From the croupous angina of Rivolta it is distinguished by the absence of the infusoria (monocercomonas gallinæ) to which he, Delprato and Pfeiffer attributed that affection. The monocercomonas is a flagellate organism 14 μ to 25 μ in length and 5 μ to 7 μ in breadth. Its rounded end bears one flagellum as long as the body, and its acute end three flagella which give it active motions. These are found in the yellowish white swellings of the mucosa, which vary in size from a millet seed to a pea, covering a hyperæmic spot and composed of epithelial cells, blood globules—white and red,—leucocytes, granules and the infusoria. The false membrane is remarkable for its lack of consistency and its tendency to invade the mouth and gullet rather than the air passages. These infusoria are not colored by picrocarminate of ammonia, but stain by methyl-violet and then appear as round or slightly irregular hyaline bodies.

From aspergillus disease of pigeons, by the absence of the characteristic, miliary, white nodule of that disease showing caseated contents intermixed with an abundant mycelium of aspergillus fumigatus. The aspergillus disease attacks especially the mouth but may also implicate the gullet, lungs, liver, intestine and kidneys. The microscopic examination of the exudate is conclusive, by reason of the presence of the bacillus diphtheriæ columbarum, and the comparative absence of the filamentous mycelium.
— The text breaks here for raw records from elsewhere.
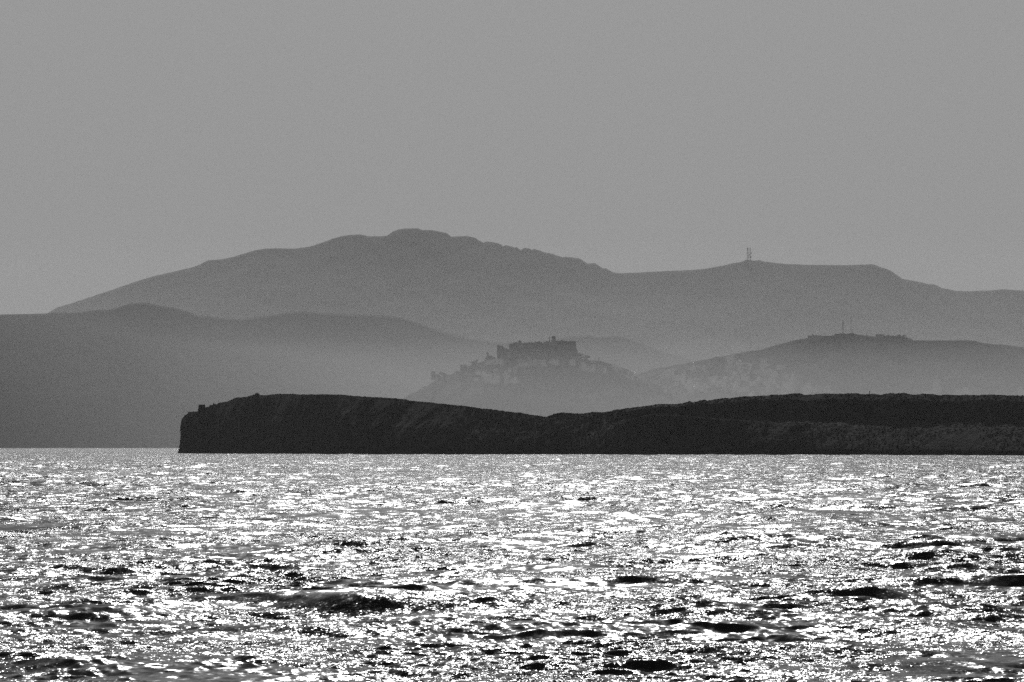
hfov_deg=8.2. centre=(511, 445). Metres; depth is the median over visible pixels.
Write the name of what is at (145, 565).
sea
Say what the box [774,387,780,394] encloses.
house
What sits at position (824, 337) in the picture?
building
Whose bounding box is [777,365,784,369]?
house
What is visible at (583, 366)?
house
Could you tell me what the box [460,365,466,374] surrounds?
house
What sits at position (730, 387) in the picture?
house
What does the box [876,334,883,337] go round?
house
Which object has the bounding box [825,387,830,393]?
house
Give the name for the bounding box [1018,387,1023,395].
building
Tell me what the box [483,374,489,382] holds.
house
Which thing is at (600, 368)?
house
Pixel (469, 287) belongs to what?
mountain
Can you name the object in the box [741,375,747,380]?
house
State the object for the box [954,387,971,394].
building
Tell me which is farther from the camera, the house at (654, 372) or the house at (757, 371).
the house at (654, 372)
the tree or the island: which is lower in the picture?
the island
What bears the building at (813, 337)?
on the hill at (855, 363)
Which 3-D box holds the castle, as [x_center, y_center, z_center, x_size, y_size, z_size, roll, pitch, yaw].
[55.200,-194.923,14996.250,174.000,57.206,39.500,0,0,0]
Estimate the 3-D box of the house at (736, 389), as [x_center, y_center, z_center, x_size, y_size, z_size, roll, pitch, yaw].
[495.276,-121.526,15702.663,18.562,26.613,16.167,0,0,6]
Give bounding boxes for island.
[179,393,1023,454]
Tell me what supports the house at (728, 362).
on the hill at (855, 363)
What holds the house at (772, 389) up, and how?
on the hill at (855, 363)
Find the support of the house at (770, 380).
on the hill at (855, 363)
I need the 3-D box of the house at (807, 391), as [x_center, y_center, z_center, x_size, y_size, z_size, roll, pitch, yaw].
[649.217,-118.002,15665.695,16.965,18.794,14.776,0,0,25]
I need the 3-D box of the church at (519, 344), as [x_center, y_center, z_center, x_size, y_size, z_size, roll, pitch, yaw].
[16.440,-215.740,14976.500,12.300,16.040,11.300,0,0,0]
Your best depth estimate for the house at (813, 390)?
15667.02 m
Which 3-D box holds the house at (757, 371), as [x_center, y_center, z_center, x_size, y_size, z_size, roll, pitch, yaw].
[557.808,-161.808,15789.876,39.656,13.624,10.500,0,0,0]
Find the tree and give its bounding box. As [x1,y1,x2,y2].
[431,371,442,381]
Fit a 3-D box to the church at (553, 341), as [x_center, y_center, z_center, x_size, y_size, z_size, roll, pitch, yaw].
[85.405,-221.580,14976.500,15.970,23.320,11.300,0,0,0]
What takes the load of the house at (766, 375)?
on the hill at (855, 363)
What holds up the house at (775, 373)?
on the hill at (855, 363)
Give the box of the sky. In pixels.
[0,0,1023,314]
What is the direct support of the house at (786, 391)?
on the hill at (855, 363)
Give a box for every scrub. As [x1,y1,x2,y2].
[178,393,1023,452]
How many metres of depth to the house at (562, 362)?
14973.55 m
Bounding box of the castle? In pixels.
[497,340,578,362]
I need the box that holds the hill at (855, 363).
[637,334,1023,401]
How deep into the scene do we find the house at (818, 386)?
15672.85 m
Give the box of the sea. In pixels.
[0,448,1023,681]
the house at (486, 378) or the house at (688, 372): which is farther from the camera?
the house at (688, 372)
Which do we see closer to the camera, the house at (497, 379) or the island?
the island
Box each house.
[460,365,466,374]
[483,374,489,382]
[490,378,495,383]
[493,375,499,382]
[496,360,503,364]
[503,372,508,379]
[510,377,518,383]
[534,359,541,365]
[540,361,546,366]
[560,358,566,364]
[569,358,575,365]
[580,362,587,370]
[597,364,603,372]
[651,370,657,375]
[686,370,692,376]
[687,388,693,394]
[693,371,699,377]
[717,389,722,395]
[725,359,731,368]
[727,384,732,390]
[732,385,740,392]
[733,355,742,360]
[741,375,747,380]
[754,370,771,373]
[760,358,769,368]
[764,373,769,379]
[768,378,776,384]
[769,387,775,394]
[770,371,777,377]
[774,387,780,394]
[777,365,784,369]
[777,376,781,383]
[782,389,789,393]
[789,378,796,385]
[803,388,810,394]
[811,387,818,392]
[814,384,820,390]
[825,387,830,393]
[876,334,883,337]
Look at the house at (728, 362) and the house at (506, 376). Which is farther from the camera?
the house at (728, 362)
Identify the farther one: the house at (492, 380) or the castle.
the castle
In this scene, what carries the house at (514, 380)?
on the hill at (547, 390)
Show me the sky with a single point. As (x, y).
(140, 139)
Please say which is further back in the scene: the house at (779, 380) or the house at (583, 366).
the house at (779, 380)
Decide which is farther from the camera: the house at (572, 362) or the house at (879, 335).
the house at (879, 335)
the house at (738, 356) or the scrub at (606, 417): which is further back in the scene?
the house at (738, 356)
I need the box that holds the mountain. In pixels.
[49,228,1023,360]
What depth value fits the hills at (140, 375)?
18499.33 m
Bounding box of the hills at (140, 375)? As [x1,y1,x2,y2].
[0,303,693,447]
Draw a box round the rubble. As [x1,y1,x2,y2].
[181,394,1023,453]
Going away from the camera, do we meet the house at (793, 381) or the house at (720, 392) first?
the house at (720, 392)
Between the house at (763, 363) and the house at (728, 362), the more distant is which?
the house at (728, 362)
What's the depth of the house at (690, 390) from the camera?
15721.65 m
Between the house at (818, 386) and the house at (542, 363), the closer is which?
the house at (542, 363)
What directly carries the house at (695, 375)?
on the hill at (855, 363)
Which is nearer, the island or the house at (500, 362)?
the island
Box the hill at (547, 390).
[402,358,684,416]
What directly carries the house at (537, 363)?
on the hill at (547, 390)
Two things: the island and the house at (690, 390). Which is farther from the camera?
the house at (690, 390)
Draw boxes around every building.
[808,335,820,339]
[821,336,833,338]
[923,379,940,394]
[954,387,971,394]
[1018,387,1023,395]
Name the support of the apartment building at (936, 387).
on the hill at (855, 363)

Treatment. This is mainly prophylactic. The first step must be to separate the sick and healthy, destroying the former, or shutting them up in a special enclosure apart from all other birds. In the case of valuable chickens, their eggs may be set under other hens and the young raised apart from the suspected flock. This may even be attempted in pigeons, the common eggs being removed and the valuable ones put in their place under a healthy sitting dove. In the case of pigeons that have been recently through the disease they should be kept strictly by themselves, even though they may appear to have regained perfect health. The dead bodies must be burned or deeply buried. Sparrows and even rabbits dying in the vicinity must be similarly disposed of, and where the disease prevails sparrows and small birds may be exterminated as probable bearers of infection.

The purchase of strange birds must be carefully guarded, none being taken that show weeping eyes, nasal discharge, labored or wheezing breathing, and all new birds should be placed by themselves in quarantine for ten to fifteen days. Finally a thorough disinfection of the place where the sick have been is of first importance. Thorough cleaning of the poultry house, followed by a coat of white-wash, every gallon of which contains four ounces of chloride of lime, or one drachm of mercuric chloride will usually prove effective. The poultry runs should be liberally sprinkled with a solution of sulphuric or hydrochloric acid, one part to 1000. The same may be used on the building, which may further be fumigated by burning sulphur.

Poultry shows should be kept under the most rigorous sanitary supervision.

Curative treatment is only profitable in the case of specially valuable birds, and even then only, as a rule, when the disease is confined to the nose, mouth, larynx and pharynx. The affected parts may be brushed with a solution of chloride of iron (1 dr. of the tincture to 1 oz. water), nitrate of silver (2 grs. to 1 oz. water), sulphide of calcium (½ dr. to 1 oz. water), tannin (10 grs. to 1 oz.). Tincture of iodine may be applied direct, or a solution of carbolic acid or of creosote or creolin (1 part to 50) will often succeed. Thomassen recommends the removal of the false membranes and the application of boric acid followed by dry sulphur. Benoist says the majority recover when made to inhale the fumes of oil of turpentine evaporated at a gentle heat twice a day.

As internal medication, or to correct the intestinal affection, sulphate of iron may be dissolved in the drinking water, or salicylic acid may be given in pill form with molasses.